By late 2001, counterterrorism officials were becoming frustrated by the paucity of useful leads coming from interrogations -- a meager showing that was linked, according to one Army major, to interrogators' insistence on "establishing a link between al-Qaeda and Iraq," the report said.

....

--------

Now that's a smoking gun if I saw one. Uh, motive.



http://www.flickr.com/photos/66726692@N00/100545349/

"2:40
Resume Statement:

Best info fast
judge whether good enough
Hit S.H@ same time -
Not just UBL

Tasks Jim Haynes to talk w/ PW
for additional support v/v Usis &
connection w/ UBL



- Hard to get a good case

- Need to move swiftly -

Near term target needs -
- go massive - sweep it all up
- Things related & not


Need to do so
to get anything
useful"

----------

and fast forward:


Rumsfeld okayed abuses says former US army general
25 Nov 2006 15:58:24 GMT
Source: Reuters

MADRID, Nov 25 (Reuters) - Outgoing U.S. Defense Secretary Donald Rumsfeld authorised the mistreatment of detainees at Abu Ghraib prison in Iraq, the prison's former U.S. commander said in an interview on Saturday.

Former U.S. Army Brigadier General Janis Karpinski told Spain's El Pais newspaper she had seen a letter apparently signed by Rumsfeld which allowed civilian contractors to use techniques such as sleep deprivation during interrogation.

....

http://www.alertnet.org/thenews/newsdesk/L25726413.htm

------------

Edit to add the whole ball of wax, recounted here for example:

Posted on Thu, Jun. 05, 2008
Senate committee: Bush knew Iraq claims weren't true
Jonathan S. Landay | McClatchy Newspapers

last updated: June 05, 2008 08:27:55 PM

WASHINGTON — President Bush, Vice President Dick Cheney and other top officials promoted the invasion of Iraq with public statements that weren't supported by intelligence or that concealed differences among intelligence agencies, the Senate Intelligence Committee said on Thursday in a report that was delayed by bitter partisan infighting.

...

The Senate report, the first official examination of whether top officials knew that their public statements were unsubstantiated when they made them, reviewed five speeches by Bush, Cheney and former Secretary of State Colin Powell between August 2002 and February 2003. It also dissected key statements made by them and other top officials, including Rumsfeld and then-national security adviser Condoleezza Rice.

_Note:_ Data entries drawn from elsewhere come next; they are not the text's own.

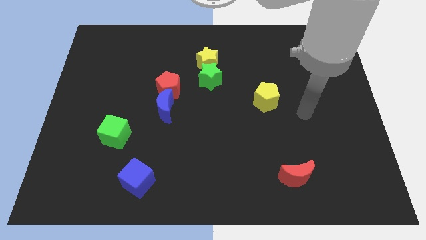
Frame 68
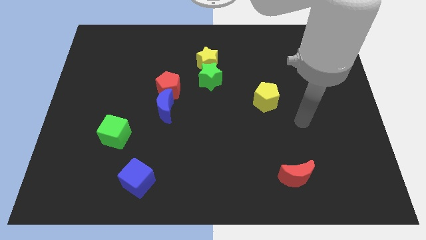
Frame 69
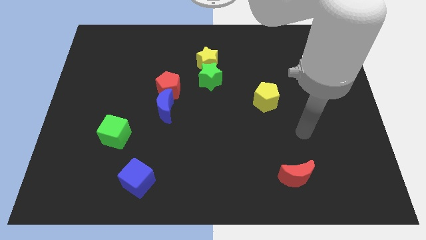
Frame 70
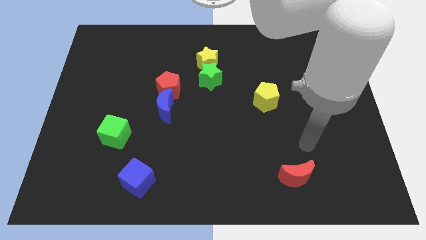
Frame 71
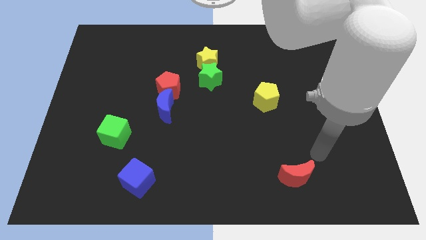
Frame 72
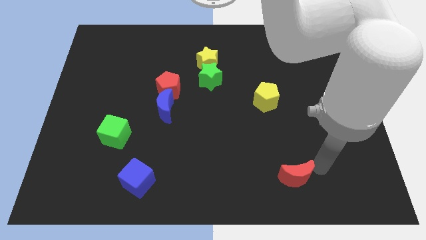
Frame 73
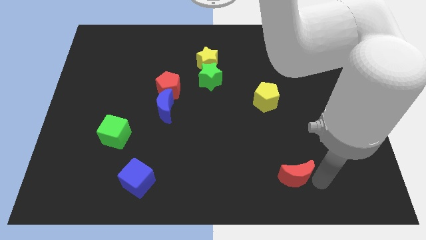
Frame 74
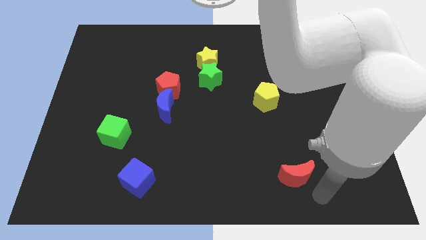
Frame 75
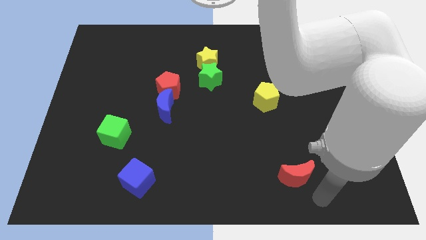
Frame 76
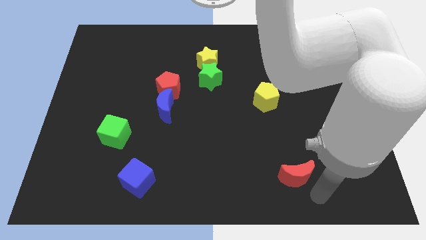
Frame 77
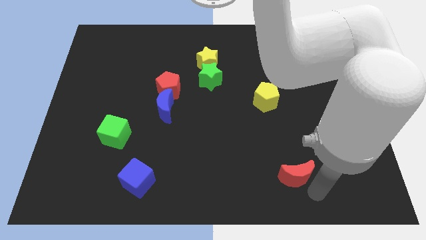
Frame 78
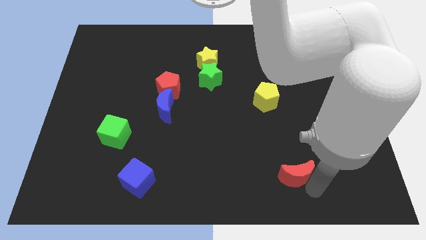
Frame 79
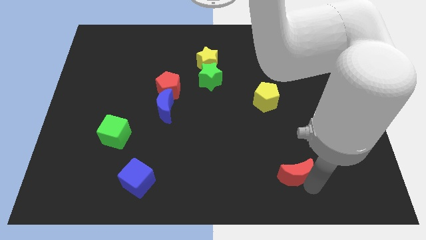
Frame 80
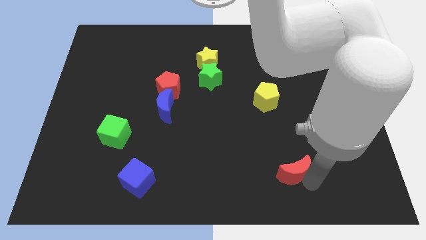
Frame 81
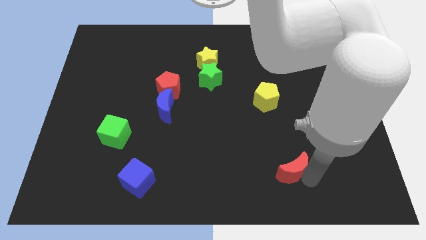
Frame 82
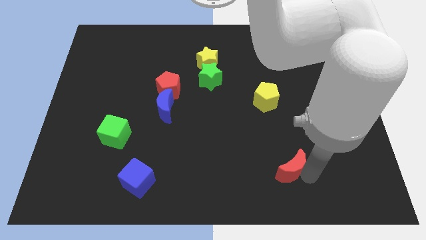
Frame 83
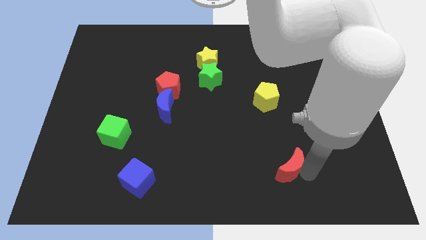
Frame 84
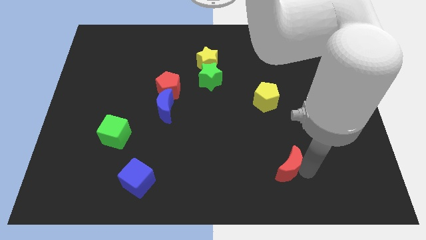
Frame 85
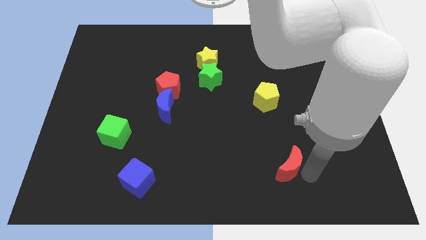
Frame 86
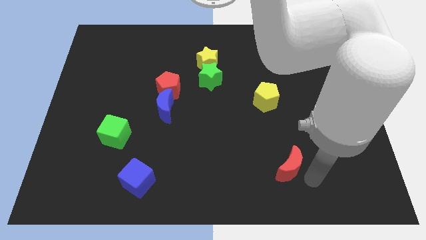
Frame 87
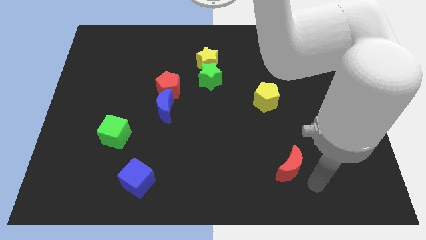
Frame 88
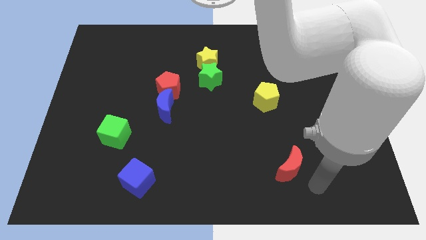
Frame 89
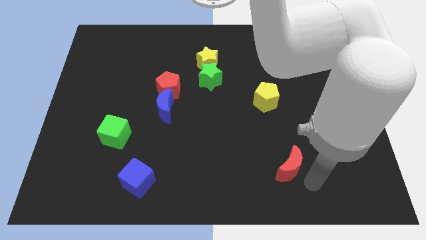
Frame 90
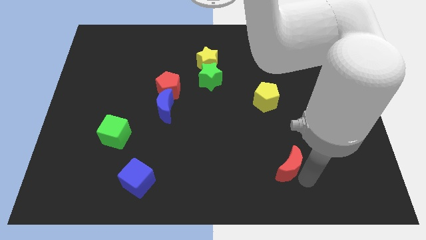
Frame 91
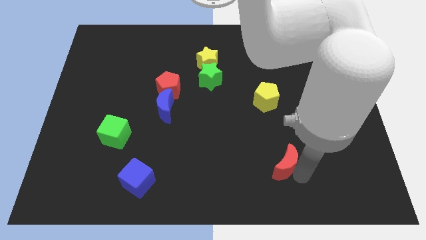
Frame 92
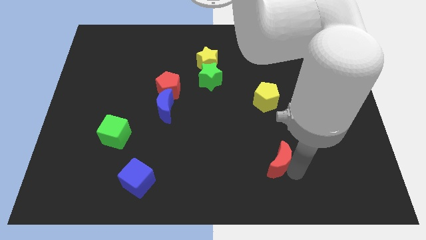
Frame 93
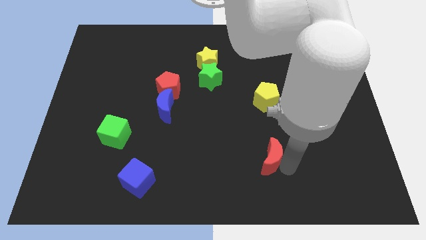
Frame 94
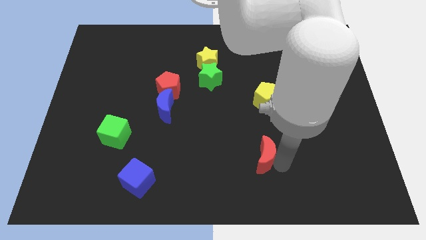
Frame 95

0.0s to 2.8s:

The committee found that the administration's warnings that former dictator Saddam Hussein was in league with Osama bin Laden, a highly inflammatory assertion in the wake of the Sept. 11, 2001, al Qaida attacks, weren't substantiated by U.S. intelligence reports. In fact, it said, U.S. intelligence agencies were telling the White House that while there'd been sporadic contacts over a decade, there was no operational cooperation between Iraq and al Qaida, the report said.

The administration's repeated statements "suggesting that Iraq and al Qaida had a partnership, or that Iraq had provided al Qaida with weapons training, were not substantiated by intelligence," it said.

Contentions by Bush and Cheney that Saddam had to be removed because he could give terrorists weapons of mass destruction to strike the United States were "contradicted by available intelligence information" that found that the late Iraqi dictator was unlikely to make such transfers, the report said.

Cheney's assertions that Mohammad Atta, the chief Sept. 11 hijacker, had met months before the attack with an Iraqi intelligence officer in the Czech capital, Prague, were also unsubstantiated, the inquiry found.

....

http://www.mcclatchydc.com/227/v-print/story/39963.html

So, torture them to get to a 9/11 link to Saddam was the plan. Torture and the faulty intel it provides could be used to make the connection to Iraq they wanted that would conform to their (PNAC) worldview, like we saw them do on so many other occasions. Curveball/Chalabi whoever says it and they tortured to confirm it.

Next question: did info from torture sessions get fed to Congress before IWR?

(sorry multiple edits, blown away I missed the motive before. Thought they were just sadistic creeps).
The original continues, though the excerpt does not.